Austin spends the vast majority of his school time in a functional skills setting, learning daily living skills most of us take for granted. He still can’t read or write at all. He has behavior problems that impede his learning. He takes a number of medications for seizure prevention and ADHD. He also endures a number of other medical issues related to his brain injury; hospitalization for elevated ammonia levels and a bi-lateral hamstring lengthening surgery are just the most recent in a series of medical issues he has dealt with and will continue to deal with for life.
He has no use of his left hand, and very limited use of his left arm and shoulder; essentially, the bigger the muscle, the more use he has in that area. Essentially, he has no fine motor skills for his left hand. He has endured a lot of therapy to attempt to regain use of his left hand, but his prognosis is weak.
Austin makes me so proud to be his dad, Brian says. In spite of his significant brain injury, and all it brings to the table, Austin is very polite, caring and engaged with his life. He tries hard to open and hold doors, he always says please, thank you and excuse me. He has a passion for life, and a sense of humor. He never lets his troubles keep him down, and always has a smile on his face.
Austin has three potential surgeries in the next 6-18 months. He has developed a case of hammertoe that can only be fixed through surgery, and is causing him some discomfort while walking. His left leg, the side most affected by his brain injury, is heavily rotated inward and causing him to have a very unstable gait. The correction for that is to cut his femur and rotate the lower leg to the proper position, yet another very major orthopedic procedure. The doctor has told Brian that this is something that can be done later in the future, but doesn’t want to prolong something that makes him uncomfortable and unstable on his feet. And third is his contracted left wrist and hand; they attempted to correct this a few years ago, unsuccessfully. This time they will fuse the joint in position permanently.

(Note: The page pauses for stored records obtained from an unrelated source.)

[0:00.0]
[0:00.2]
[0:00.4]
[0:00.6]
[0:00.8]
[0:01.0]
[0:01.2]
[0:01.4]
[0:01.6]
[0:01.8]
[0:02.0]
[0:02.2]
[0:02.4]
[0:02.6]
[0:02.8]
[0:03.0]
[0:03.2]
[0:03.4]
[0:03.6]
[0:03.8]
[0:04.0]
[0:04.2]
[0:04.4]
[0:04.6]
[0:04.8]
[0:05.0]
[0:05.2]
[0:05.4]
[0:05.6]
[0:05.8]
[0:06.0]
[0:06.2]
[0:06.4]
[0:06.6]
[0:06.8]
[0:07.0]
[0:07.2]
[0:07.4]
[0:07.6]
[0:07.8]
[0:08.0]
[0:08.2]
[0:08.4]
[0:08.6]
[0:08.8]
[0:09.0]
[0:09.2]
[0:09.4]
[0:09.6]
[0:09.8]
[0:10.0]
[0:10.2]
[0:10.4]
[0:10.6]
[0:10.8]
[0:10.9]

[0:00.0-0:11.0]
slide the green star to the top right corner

Brian puts on a brave face for Austin while his son goes through surgery and recovery, but he hurts for him. Brian’s Facebook posts are alternately grateful and hopeful, even in the face of so many challenges. Overall, if you followed his personal page, you would see a father who loves his son more than anything in the world.

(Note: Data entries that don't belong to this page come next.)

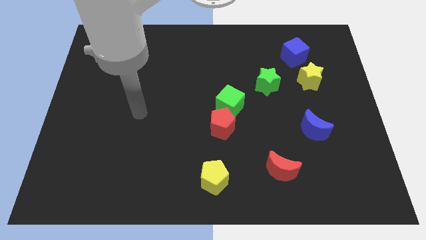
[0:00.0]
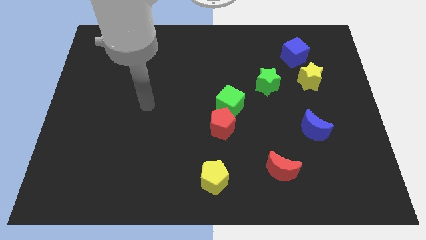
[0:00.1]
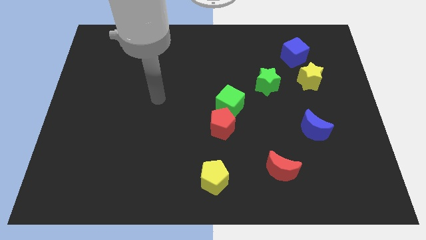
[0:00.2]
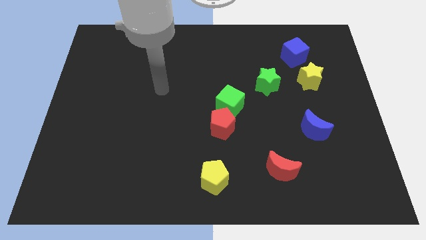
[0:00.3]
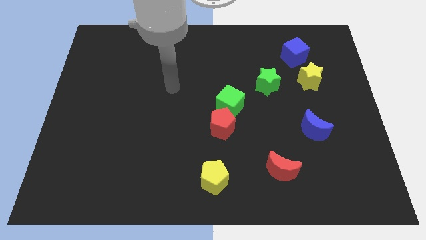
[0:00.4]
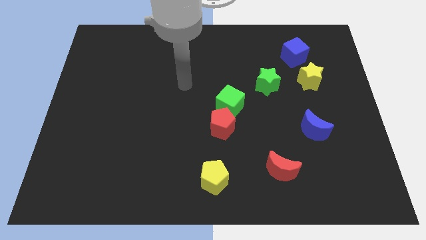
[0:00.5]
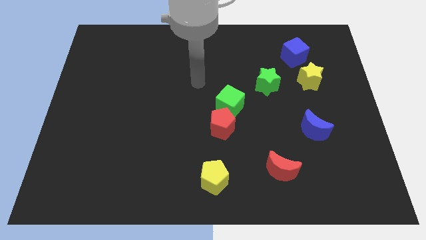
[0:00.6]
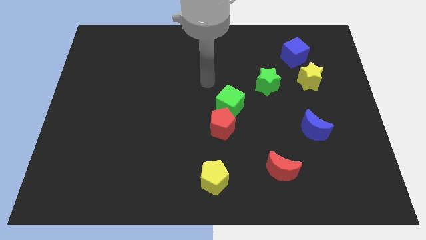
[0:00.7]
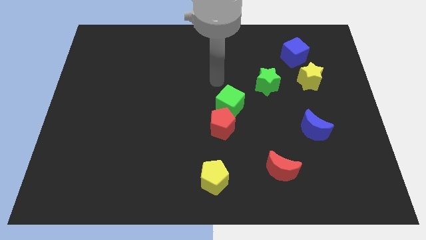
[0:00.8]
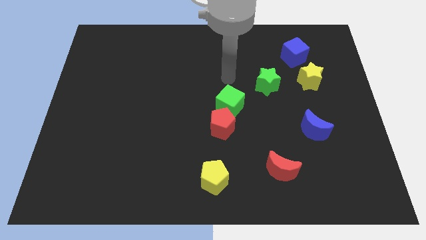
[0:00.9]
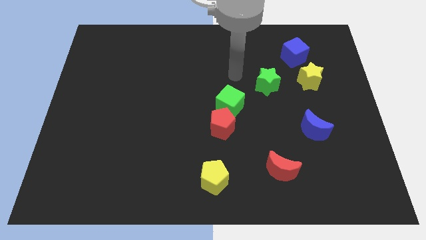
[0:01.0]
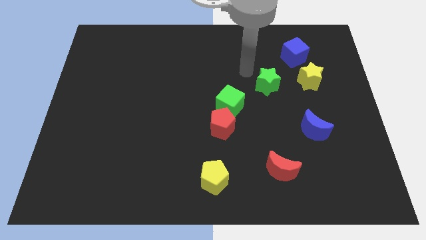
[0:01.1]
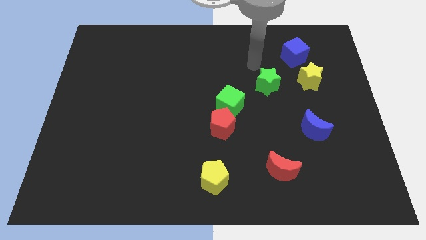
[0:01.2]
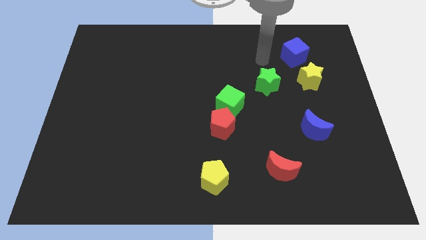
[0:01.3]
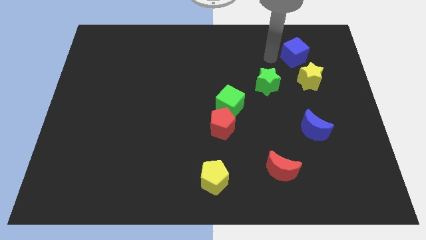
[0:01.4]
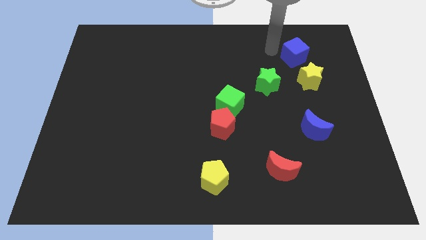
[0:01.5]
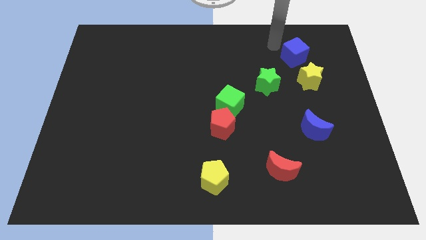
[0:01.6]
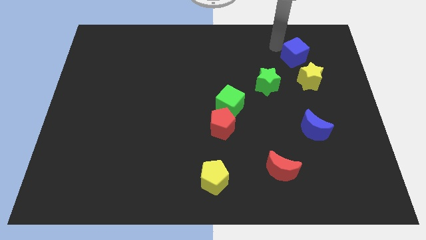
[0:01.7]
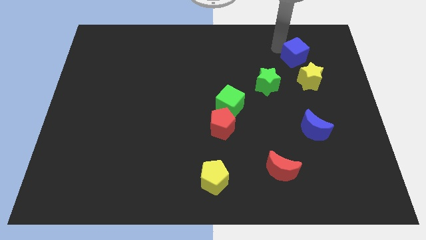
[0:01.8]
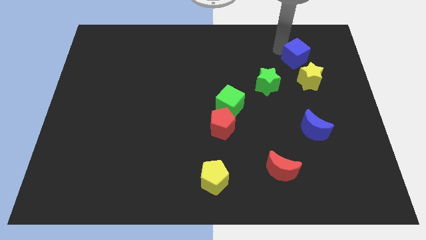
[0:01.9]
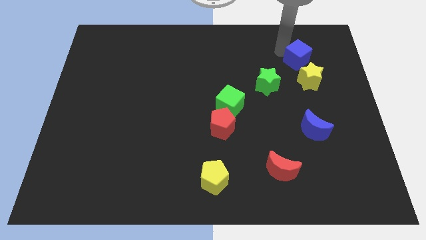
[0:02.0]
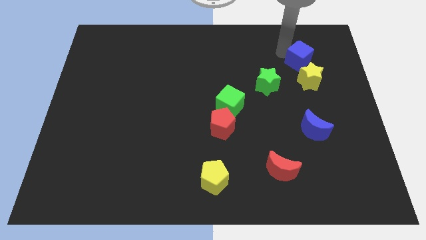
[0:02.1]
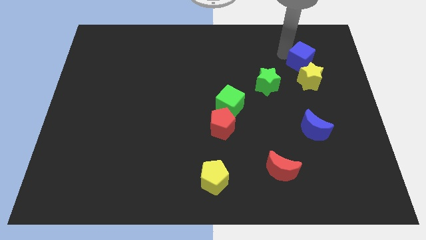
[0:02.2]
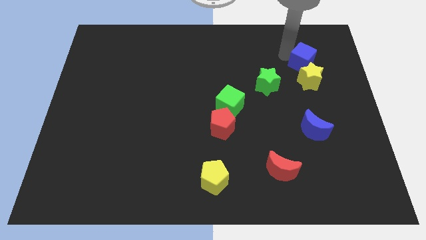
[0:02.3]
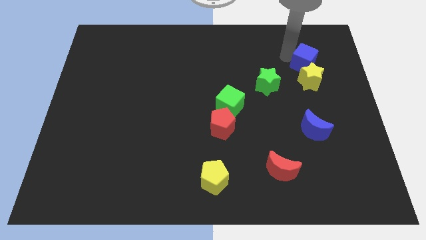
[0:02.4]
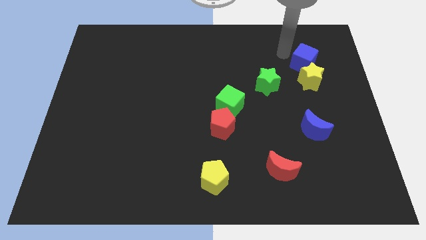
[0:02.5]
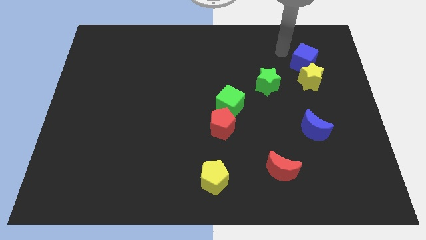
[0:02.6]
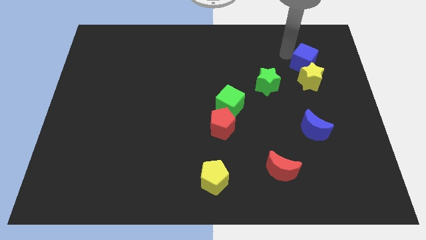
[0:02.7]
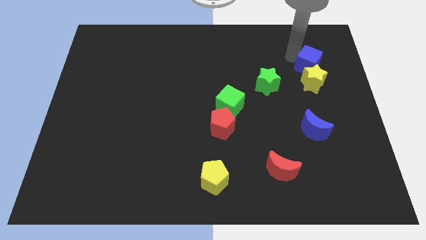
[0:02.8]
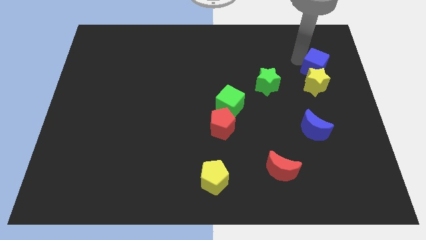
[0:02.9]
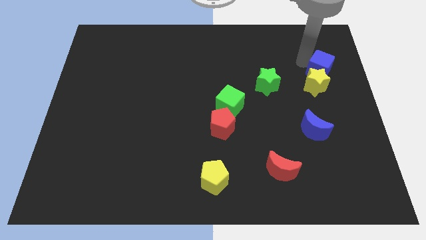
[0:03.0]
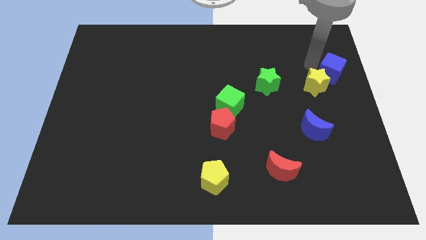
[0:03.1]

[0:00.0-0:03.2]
slide the blue cube to the right side

Last year, Brian was invited to share Austin’s story in Terre Haute, Indiana to a group of 200+ professionals from all over central Indiana. This was a training conference on the Period of Purple Crying as developed by the National Center on Shaken Baby Syndrome (SBS), and Brian was presented with the Child Award presented by the Children’s Bureau of Indianapolis in recognition of his efforts to advocate for child abuse prevention all across Indiana. He speaks regularly on the topic and is an advocate for children everywhere.
Austin doesn’t know what happened to him, or why he is different from other kids. He also doesn’t question it. He lives his life as he knows it, happily sharing his spirit with family, friends and strangers alike. Even as he struggles to walk these days, he refuses to use his wheelchair, it removes his independence. Austin is the reason I do the things I do. I wouldn’t be a firefighter without having gone through this experience with him. I wouldn’t be an advocate for child abuse prevention. I wouldn’t be an advocate for people with disabilities and their families either.
Here’s the part that chokes me up:
And most importantly, I wouldn’t be Austin’s dad, the most awesome role I could ever ask for.